Checks for memory leaks were performed, all the memory leaks are fixed. Despite this, Out of Memory errors keep killing the program (via the OOM Killer). Manual monitoring of memory consumption shows an increase in memory utilisation, even after explicitly clearing the vectors containing the data.

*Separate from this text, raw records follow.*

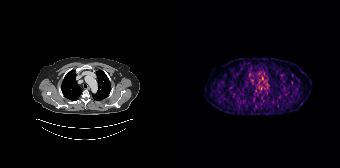
No tumor lesions annotated on this slice.
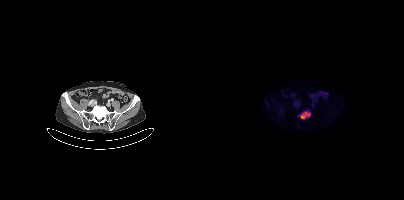
Coordinates are on the 200×200 PET (right) panel. PSMA-avid tumor lesion bounding box (x, y, width, height): x=94 y=111 w=13 h=9. Paired axial CT (left) and PSMA PET (right), 18F tracer. Acquired on Siemens Biograph mCT Flow 20. Slice position z = -126 mm. PET panel 200×200 px (4.1 mm/px).
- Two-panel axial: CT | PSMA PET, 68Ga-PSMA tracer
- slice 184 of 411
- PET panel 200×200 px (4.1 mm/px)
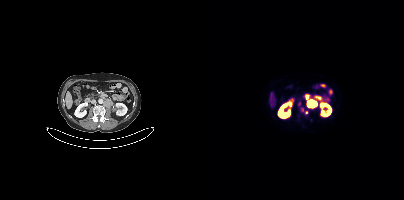
Findings: Coordinates are on the 200×200 PET (right) panel. PSMA-avid tumor lesion bounding box (x, y, width, height): x=97 y=108 w=4 h=5. Small PSMA-avid foci (2 to 4 px across) near (center x, center y): (95, 103) / (102, 112).

Key to know is having three nested loops, one outer containing the sub-problems at hand. The middle loop loops over the Monte Carlo trials, with an inner loop running some sequential process required inside the trial. Pseudo-code looks as follows:
std::vector<object*> sub_problems;
sub_problems.push_back(retrieved_subproblem_from_database);
for(int sub_problem_index = 0; sub_problem_index < sub_problems.size(); ++sub_problem_index){
std::vector< std::vector<float> > mc_results(100000, std::vector<float>(5, 0.0));
for(int mc_trial = 0; mc_trial < 100000; ++mc_trial){
for(int sequential_process_index = 0; sequential_process_index < 5; ++sequential_process_index){
mc_results[mc_trial][sequential_process_index] = specific_result;
}
}
sub_problems[sub_problem_index]->storeResultsInObject(mc_results);
// Do some other things
sub_problems[sub_problem_index]->deleteMCResults();
}
deleteMCResults looks as follows:
bool deleteMCResults() {
for (int i = 0; i < asset_values.size(); ++i){
object_mc_results[i].clear();
object_mc_results[i].shrink_to_fit();
}
object_mc_results.clear();
object_mc_results.shrink_to_fit();
return true;
}
How can I ensure memory consumption to be solely dependent on the middle and inner loop instead of the outer loop? The second, and third and fourth and so, could theoretically use exactly the same memory space/addresses as utilised for the first iteration.